Please state how many lines in the records below contain the word "right"; the answer should be a number and nothing else.

-- AVAILABLE DATA follows --

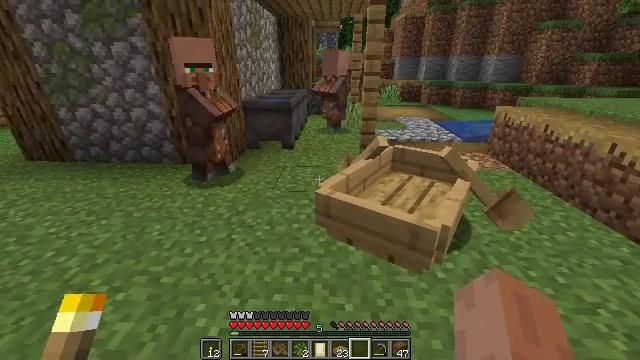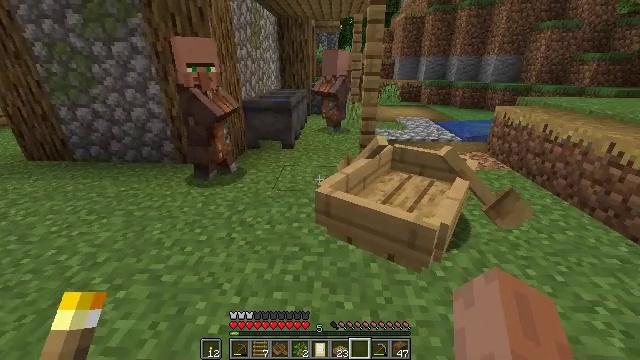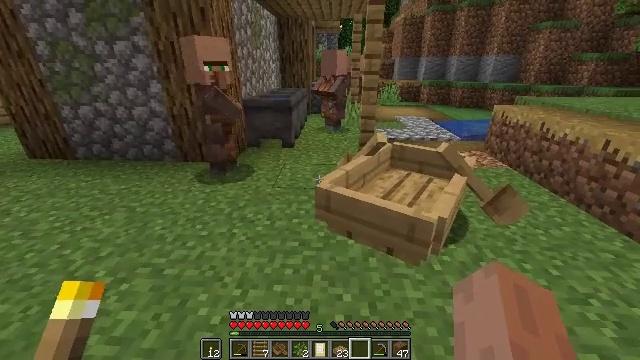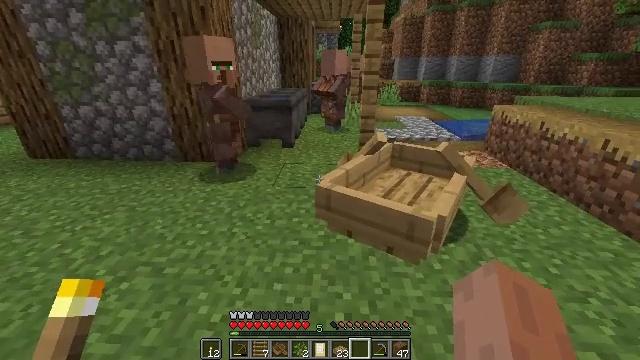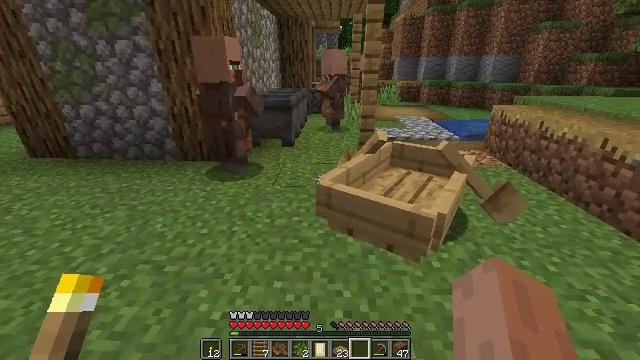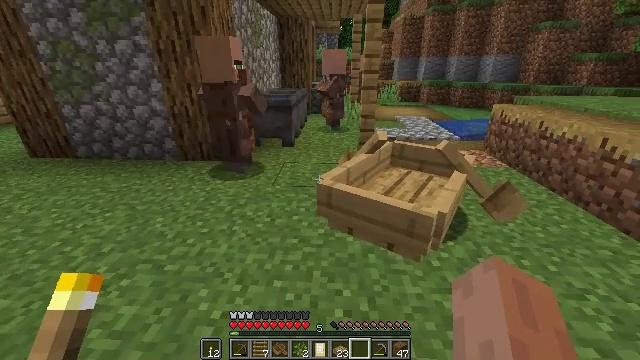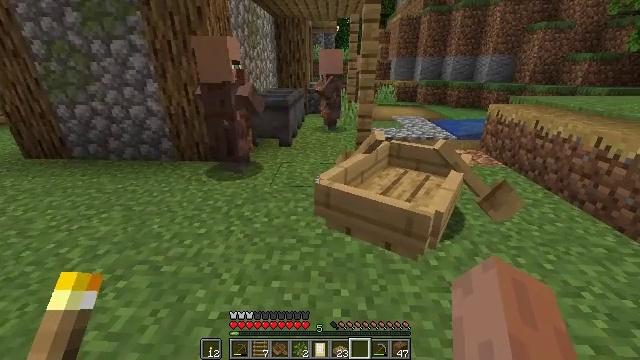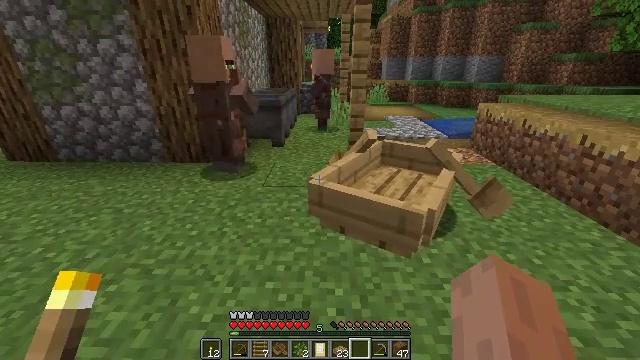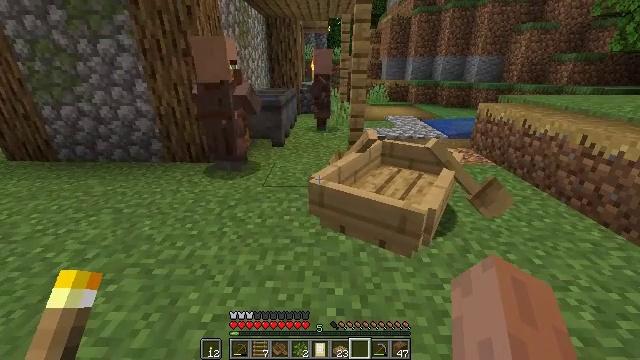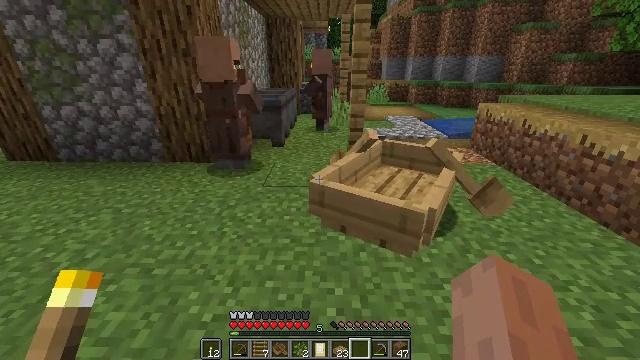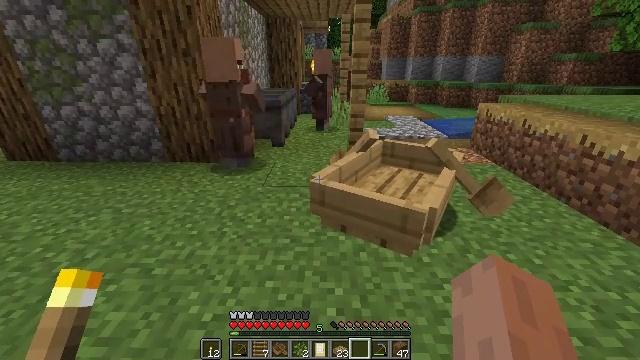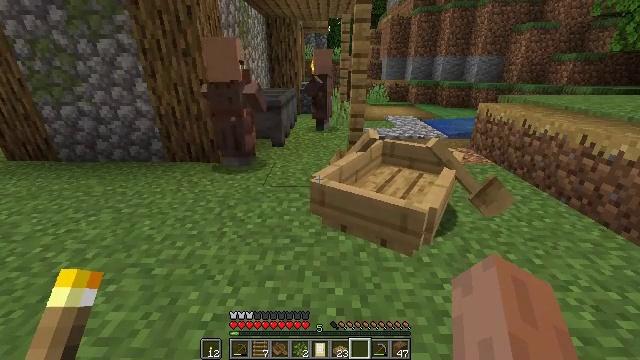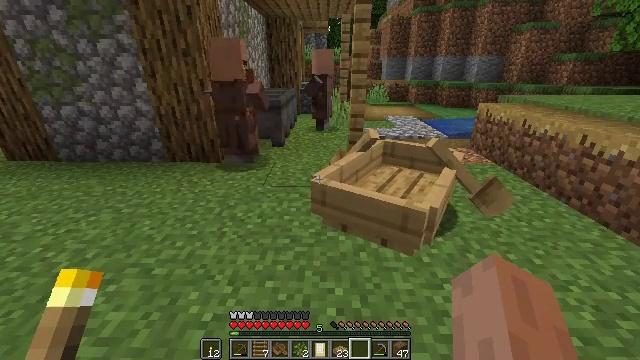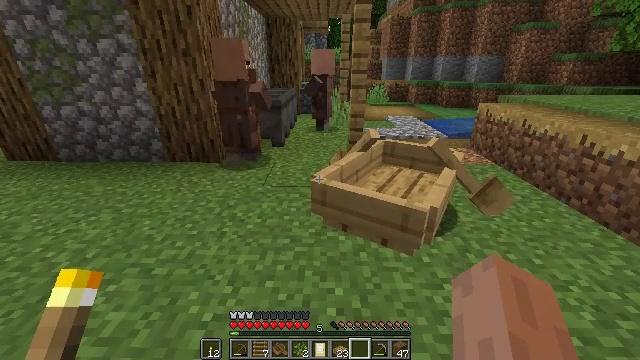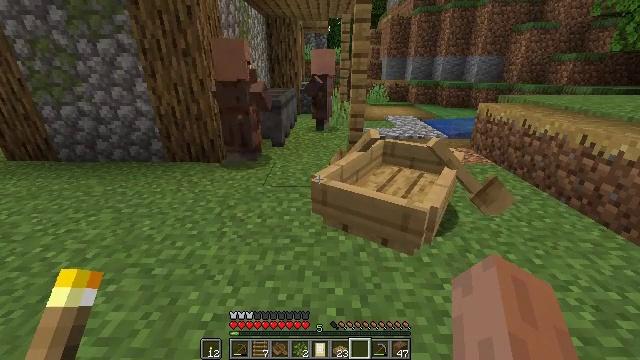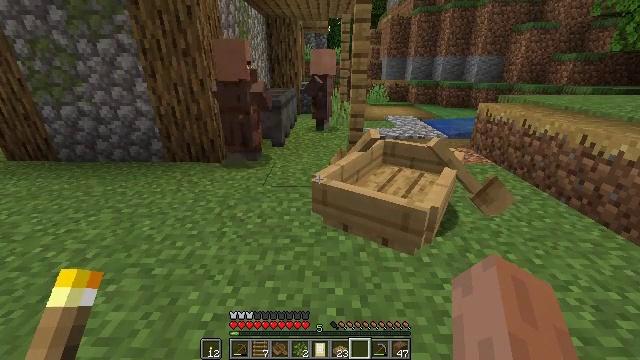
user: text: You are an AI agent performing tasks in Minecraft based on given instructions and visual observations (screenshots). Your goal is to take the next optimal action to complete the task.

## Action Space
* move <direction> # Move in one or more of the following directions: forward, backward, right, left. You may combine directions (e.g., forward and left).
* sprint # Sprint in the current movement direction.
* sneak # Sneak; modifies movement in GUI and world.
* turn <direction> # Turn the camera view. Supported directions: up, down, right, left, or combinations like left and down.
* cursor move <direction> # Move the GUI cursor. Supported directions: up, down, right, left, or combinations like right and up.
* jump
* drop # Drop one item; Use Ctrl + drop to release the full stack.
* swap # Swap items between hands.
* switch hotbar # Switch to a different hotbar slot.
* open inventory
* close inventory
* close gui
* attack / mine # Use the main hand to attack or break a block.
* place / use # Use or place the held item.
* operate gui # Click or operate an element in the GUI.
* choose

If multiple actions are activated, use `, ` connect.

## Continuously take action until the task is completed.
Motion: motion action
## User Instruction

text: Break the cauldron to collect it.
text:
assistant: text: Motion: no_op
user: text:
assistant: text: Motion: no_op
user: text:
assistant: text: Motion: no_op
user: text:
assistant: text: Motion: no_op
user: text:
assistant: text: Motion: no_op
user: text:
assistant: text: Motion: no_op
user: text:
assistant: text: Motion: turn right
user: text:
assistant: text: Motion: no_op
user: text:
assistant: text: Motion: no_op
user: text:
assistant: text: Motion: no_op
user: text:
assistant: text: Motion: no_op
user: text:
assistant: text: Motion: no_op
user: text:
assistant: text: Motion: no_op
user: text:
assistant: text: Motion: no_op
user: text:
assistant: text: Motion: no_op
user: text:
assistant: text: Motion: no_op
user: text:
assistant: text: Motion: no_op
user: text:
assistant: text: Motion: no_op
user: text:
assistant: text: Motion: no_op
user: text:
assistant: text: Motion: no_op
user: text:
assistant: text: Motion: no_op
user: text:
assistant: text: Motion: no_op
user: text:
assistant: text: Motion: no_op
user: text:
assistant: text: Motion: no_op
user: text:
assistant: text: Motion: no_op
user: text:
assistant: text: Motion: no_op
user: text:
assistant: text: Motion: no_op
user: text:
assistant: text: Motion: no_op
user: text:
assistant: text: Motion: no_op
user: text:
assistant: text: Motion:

-- AVAILABLE DATA concluded --

__TASK OUTPUT__.
4